La edad maldita

El único animal mortal es el hombre, dice Jorge Luis Borges en El Aleph y lo dice porque es justamente el humano  –el único hasta donde sabemos- que tiene conciencia de su propia muerte. Esa conciencia es la que lo atormenta y le hace caer en innumerables errores. Así es, porque cada acto del ser humano está cruzado por esa conciencia de muerte, por esa tensión permanente en el alma que lo lleva de cuando en cuando a preguntarse por su vida y su destino. Y llegada una cierta edad brota la pregunta inevitable: ¿cuál es mi destino? ¿Por qué estoy aquí? De algún modo la persona se pregunta por qué en un universo infinito de posibilidades negativas se dieron las casualidades, coincidencias, la mano de Dios,  para nacer y estar aquí y ahora. Y tras ello las preguntas filosóficas que buscan otorgarle un sentido a la realidad siempre difusa y cambiante. Y todavía más, la búsqueda incesante de la felicidad se cruza a cada rato con cuestionamientos del tipo deber ser, qué es lo que se espera de nosotros o qué esperamos nosotros mismos de nuestro andar por el mundo, así a secas.

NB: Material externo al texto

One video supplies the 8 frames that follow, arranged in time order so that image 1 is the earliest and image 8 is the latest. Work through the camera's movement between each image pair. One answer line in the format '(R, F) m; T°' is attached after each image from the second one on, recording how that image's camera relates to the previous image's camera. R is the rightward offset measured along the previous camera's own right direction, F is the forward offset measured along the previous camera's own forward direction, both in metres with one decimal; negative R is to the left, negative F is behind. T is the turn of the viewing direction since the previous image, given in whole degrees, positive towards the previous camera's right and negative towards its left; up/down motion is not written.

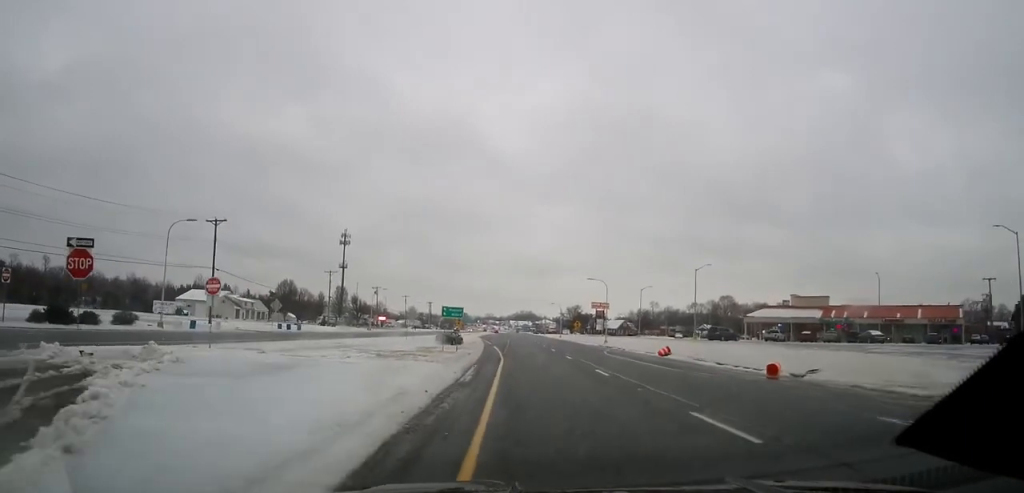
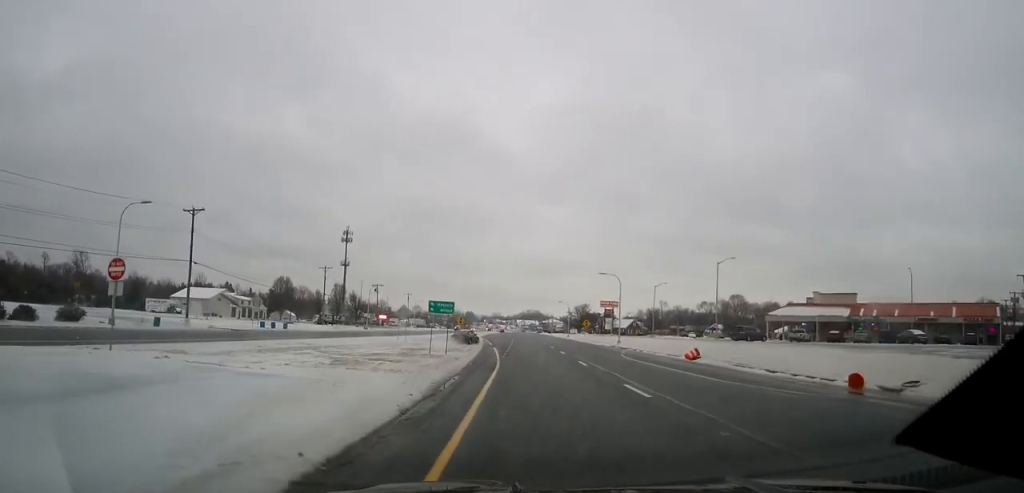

En una sociedad de consumo en la que todos luchan por “venderse”, por “mostrarse”, por consumir a destajo, por pasar sobre los demás, sin que parezca que eso es posible, la vida se pasa en un suspiro. Y lo realmente importante queda de lado, pasa apenas cerca de nosotros, miramos con el rabillo del ojo la vida, porque confundimos vivir la vida con aparentar vivirla. Y en esta cultura de apariencias, cuyo mayor reflejo actual es el Facebook, donde todos publican sus comidas, sus viajes, la mayoría de las veces sus alegrías y pocas sus penas, olvidamos la pregunta inevitable, que si te la tomas en serio puede cambiar tu vida. Porque no hay nada más general en los seres humanos que ser recordado una vez desaparecidos de esta dimensión y esa imagen la construimos cada día y en cada acción.

Pero es más fácil y más sano deberíamos decir, concentrarse en lo inmediato, en lo cercano, en lo que tenemos aquí y ahora. La acumulación de bienes, la cultura de la apariencia, el capitalismo siempre salvaje, a pesar de sus ropajes y camuflas está allí y lo domina todo, incluyendo por cierto nuestros gustos, nuestros afanes diarios, nuestra mente y cuerpo.

En los sesenta los jóvenes gritaban “paren el mundo que me quiero bajar”, frase simbólica que hoy podría traducirse como “paren el mundo que me quiero subir”, porque nadie quiere quedarse fuera de la sociedad de consumo que todos critican, pero bien que les viene el dinero y sus consecuencias. Y mientras pasan estas situaciones diarias a cada uno de nosotros dejamos de lado vivir, porque vivir no es aparentar vivir, auto engañarnos buscando resquicios argumentales para aparecer frente a los demás. Al final en nuestro interior todos sabemos para qué y por qué estamos aquí, esa lucha interior sólo se salda el día de nuestra muerte, cuando los cuestionamientos y todo el mundo muere junto a nosotros.

El destino, el futuro, la conciencia, el ser y el deber ser son sólo conceptos, nosotros los llenamos de sentido, porque la confusión y el desorden mental son parte intrínseca del ser humano, los únicos mortales.